Several years ago, I was part of the executive team at a technology company. My role, leading our customer experience team, gave me a unique insight into just how easy it is to initiate organizational change and just how hard it is to actually sustain real change

One of our executives proposed we conduct an organization-wide employee survey in order to better understand how our staff felt about the direction of the company, uncover areas of concern, and offer suggestions for improvement. Sounds pretty straightforward, right? Countless companies have engaged in similar efforts over time, so nothing too risky was being proposed. We all agreed to hire a boutique HR consulting firm to conduct the survey, analyze the results, and make recommendations. Again, pretty standard stuff.

The Kickoff: When the Excitement for Change Runs High

Everyone was excited to begin the process. A steering committee was formed and chartered. A communications plan was launched to explain to employees the critical importance of their participation to the company’s future. The survey was developed and loaded into a simple survey platform. The steering committee gave the thumbs up, and we were off and running!

Participation in the employee survey was surprisingly strong. Over 50% of staff responded in the first week alone. Response was so strong that we decided to shut down the survey after two weeks because the volume of feedback was borderline overwhelming. Our CEO communicated his thanks to the employees for their efforts, and we began the task of working with the HR firm to execute our improvement plan.

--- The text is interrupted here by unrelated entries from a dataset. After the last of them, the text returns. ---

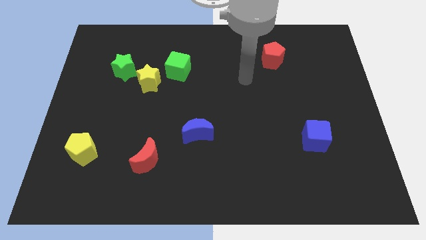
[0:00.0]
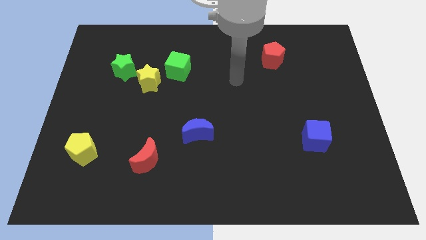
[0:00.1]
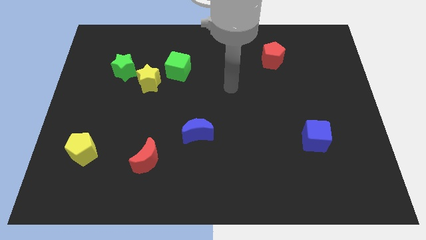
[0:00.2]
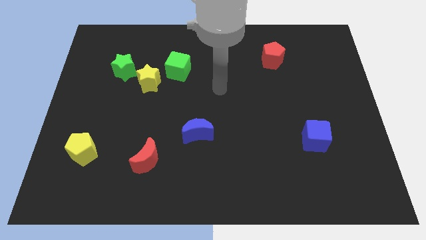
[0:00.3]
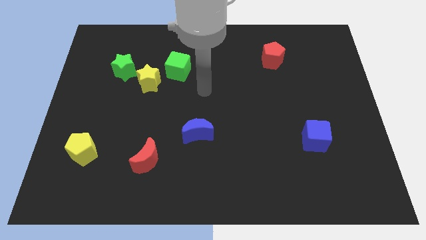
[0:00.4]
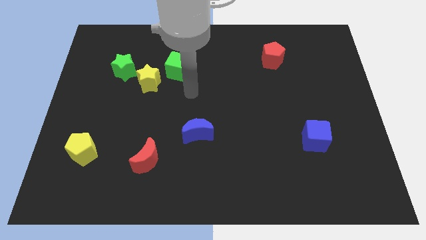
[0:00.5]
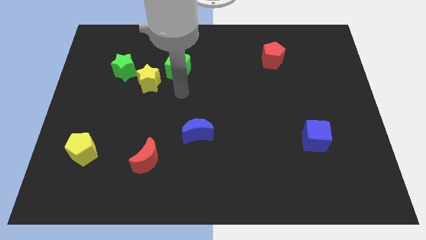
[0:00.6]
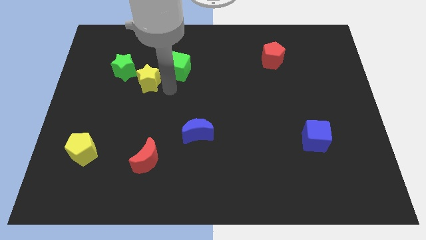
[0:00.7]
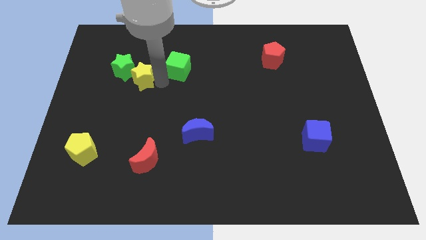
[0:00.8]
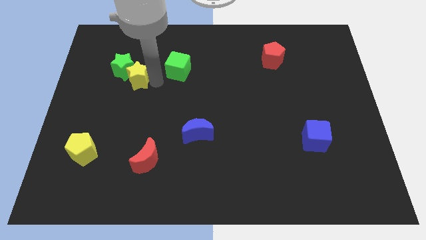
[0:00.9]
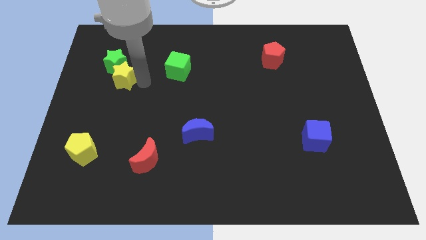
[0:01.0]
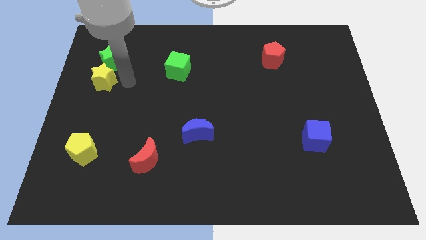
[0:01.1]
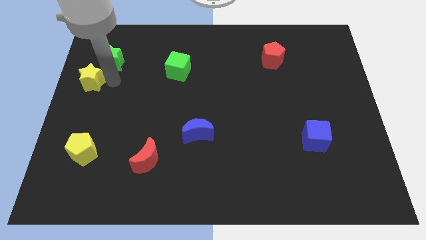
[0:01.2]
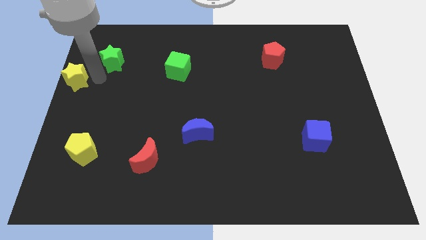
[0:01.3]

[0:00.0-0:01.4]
pull the green star apart from the yellow star

A month later, the consultants provided us with an in-depth, well-articulated deck that summarized the key areas of concern, as well as a set of employee/consultant recommendations to address. Everyone involved was excited and the sense of urgency was real. Our executive team felt like we finally had our finger on the pulse of the company culture, employee sentiment, and what needed to be done to create a lasting change that would impact the performance of the company.

Time to Implement: The Change Challenges Arise

Our steering committee assigned one of our executives as implementation lead. “Z” was a capable executive, known for solid, no-nonsense leadership. Z established a set of sub-committees to manage 10 different areas of improvement. These teams focused on creating improvement plans addressing areas such as communication, collaboration, optimal behaviors, mentoring, process improvement, office design, recognition, and customer recognition. In hindsight, the number of projects was clearly overwhelming, but the executive team was so excited to achieve real gains that they blessed Z’s approach without modification.

Over the next six months, the sub-committees met biweekly to create plans, provide status updates, and drive change activities. Initially there were some wins. Employees were excited about the mentoring model, which proved to be beneficial. And a number of process improvement teams were able to solve some “low-hanging fruit” problems concerning cross-departmental communication. Unfortunately, that is the end of the success list. The rest of the projects were quietly being shut down, ignored, or kicked down the road. Staff started to refer to the entire effort as a joke, a failure. Opinions in the steering committee were harsh. “Who is responsible (who can we blame)?” “Why don’t people care?” “Were the focus areas wrong?” “Are WE to blame?”

At this point, I could probably identify a dozen reasons why this effort was a failure – lack of accountability, too many efforts, lack of leadership, and an unclear expected future state, to name a few. But the real problem in my eyes was the wrong approach to sustaining the “change” efforts required to transform the company.

The Reality: Most of Us Implement Change the Wrong Way

Everyone from the executive team through the sub-committees and staff tried hard. But clearly effort was not enough. In hindsight, I believe we were half right. It’s easy to send out a survey, take recommendations, and set up some improvement teams. The hard part is creating lasting change that becomes part and parcel of the culture, the operating model, and the daily behaviors of all employees.

This insight is one of the key reasons I joined Root. The aforementioned employee-driven change project was just one of countless change efforts I’ve experienced over my career, and most of them failed dramatically. So, what is the better way?

Over the next couple of months, I am going to create a picture of how change efforts can result in lasting, sustainable change. I will discuss aspects of several unsuccessful change efforts I observed in the past and use these failures to show how things could have gone differently with the right approach.

For starters, let’s consider the following questions to demonstrate a powerful approach to change:

  1. What is your current reality?
  2. Can you envision your compelling future state?
  3. Do you have alignment on critical priorities?
  4. What are your plans to ensure behaviors and company culture will support your vision?
  5. Are your leaders on board?
  6. How will you engage employees (capture hearts and minds)?
  7. What efforts will you take to sustain the change movement?
  8. How will you take advantage of this success to create a competitive advantage with your customers in the future?

In essence, this approach is about three overarching concepts: defining the future, building an organizational movement, and creating lasting change. Let’s take this journey together and explore how we can all succeed with a different way of viewing and sustaining change.